Activity
With pictures omitted, output the records below exactly as they appear.

===============

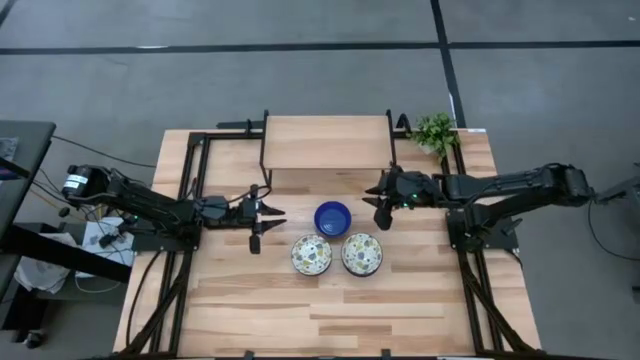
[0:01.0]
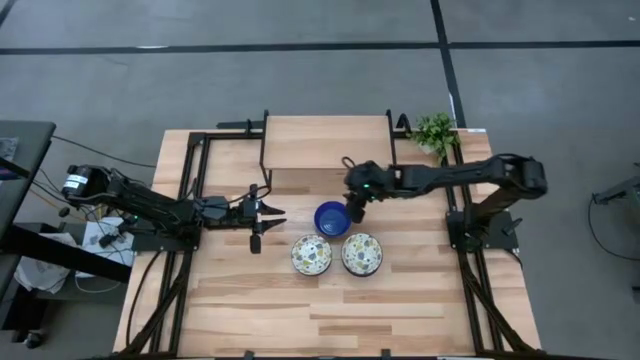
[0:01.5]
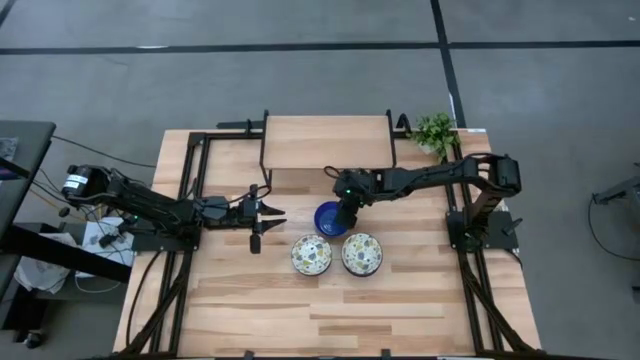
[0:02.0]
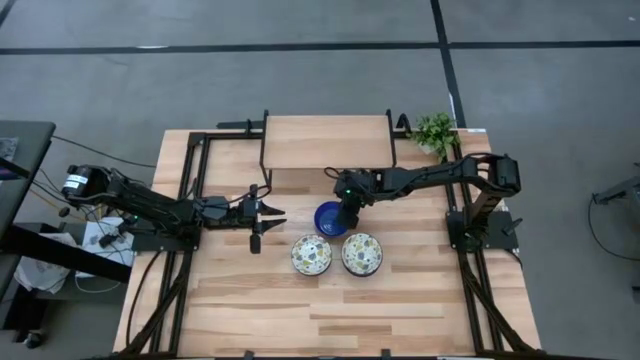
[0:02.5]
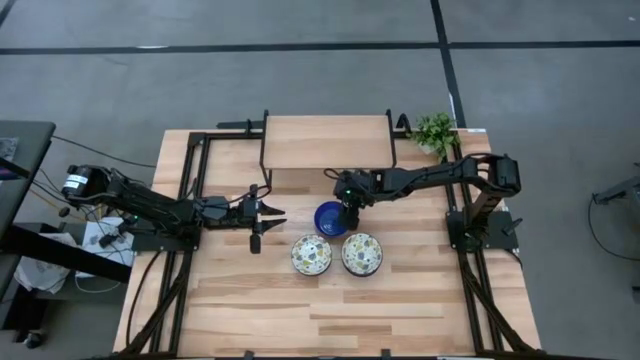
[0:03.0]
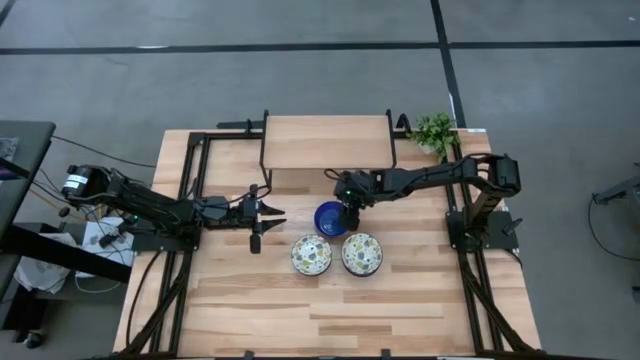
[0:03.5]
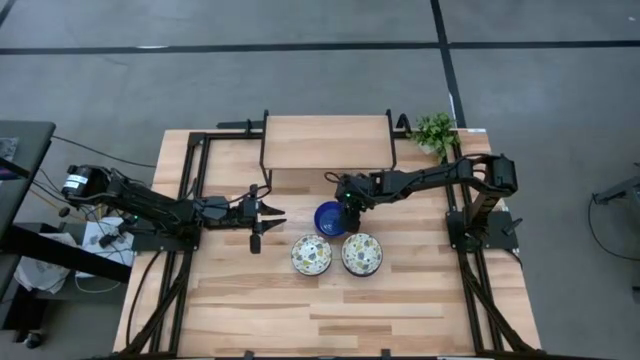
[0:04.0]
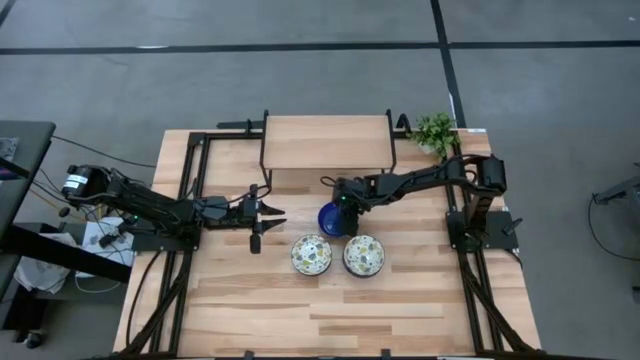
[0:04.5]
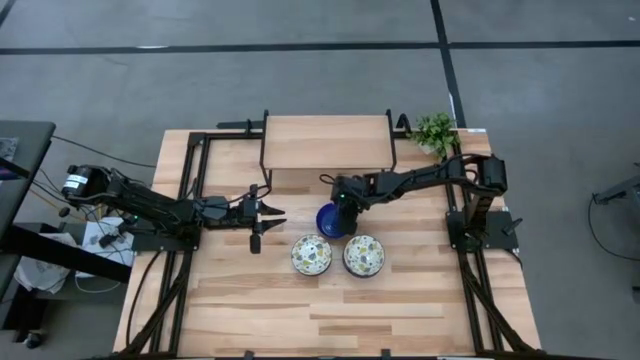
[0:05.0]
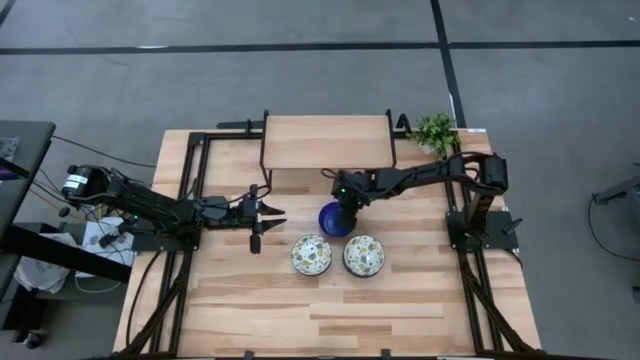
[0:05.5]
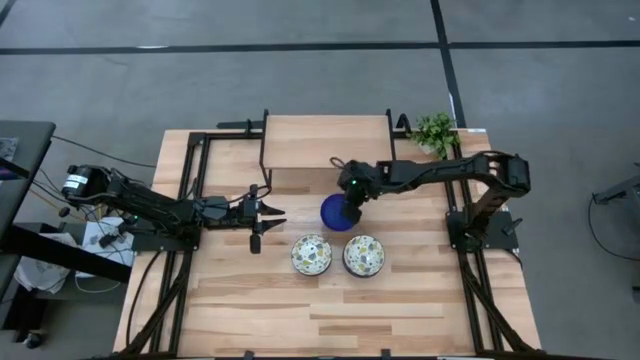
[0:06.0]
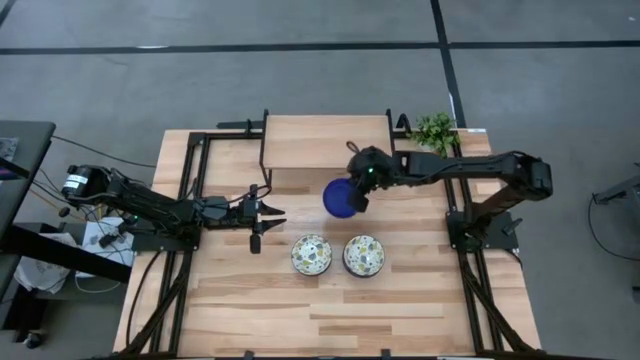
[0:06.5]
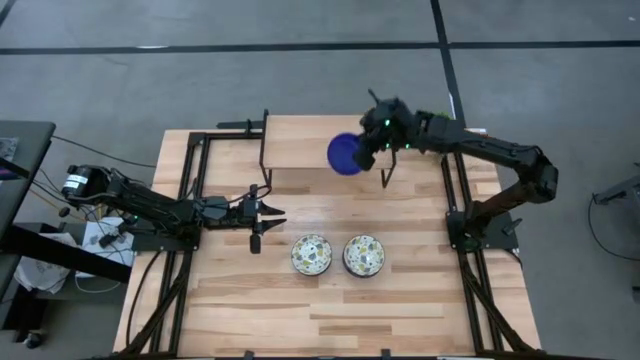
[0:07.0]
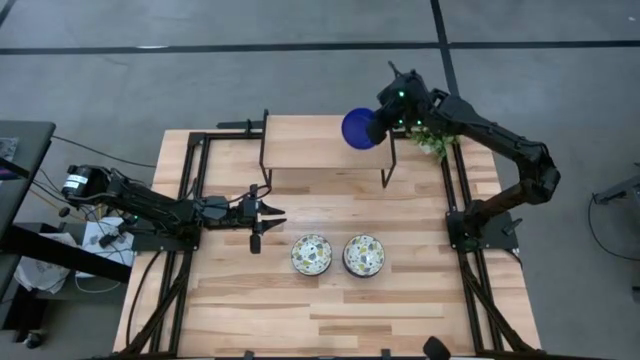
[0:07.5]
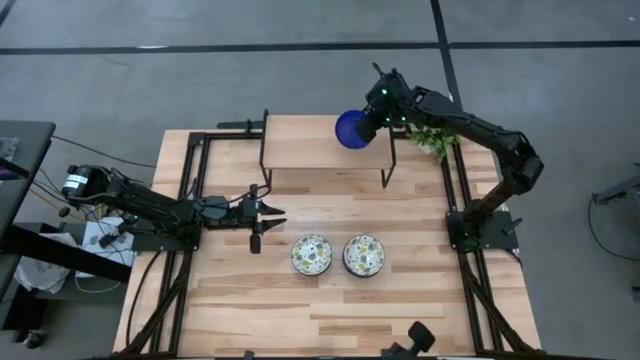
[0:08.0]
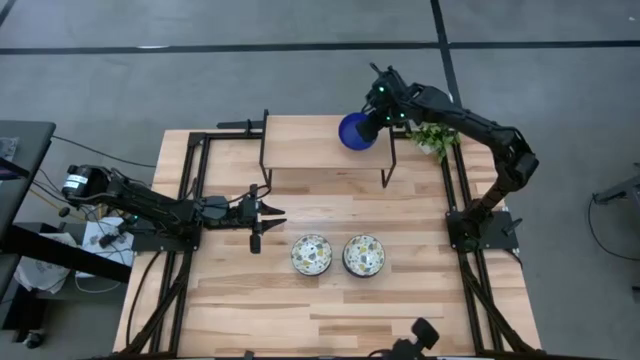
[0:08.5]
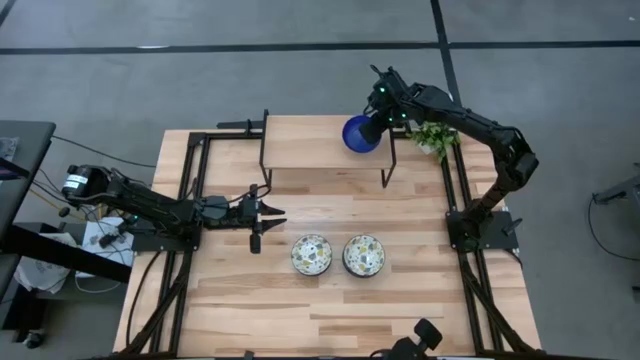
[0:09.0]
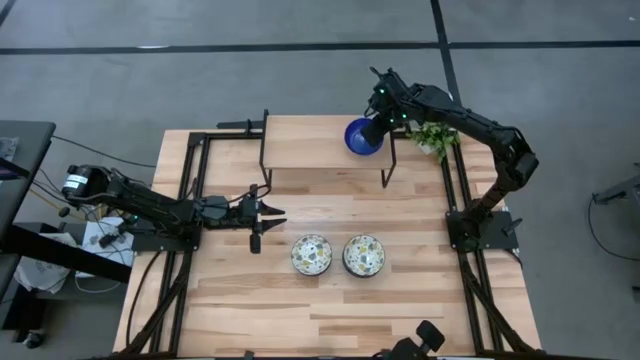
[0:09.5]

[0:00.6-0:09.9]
Task: Pick & Place Mini bowls
Put the blue bowl on the shelf

===============

Exercise result
[0:01.0]
[0:01.5]
[0:02.0]
[0:02.5]
[0:03.0]
[0:03.5]
[0:04.0]
[0:04.5]
[0:05.0]
[0:05.5]
[0:06.0]
[0:06.5]
[0:07.0]
[0:07.5]
[0:08.0]
[0:08.5]
[0:09.0]
[0:09.5]

[0:00.6-0:09.9]
Task: Pick & Place Mini bowls
Put the blue bowl on the shelf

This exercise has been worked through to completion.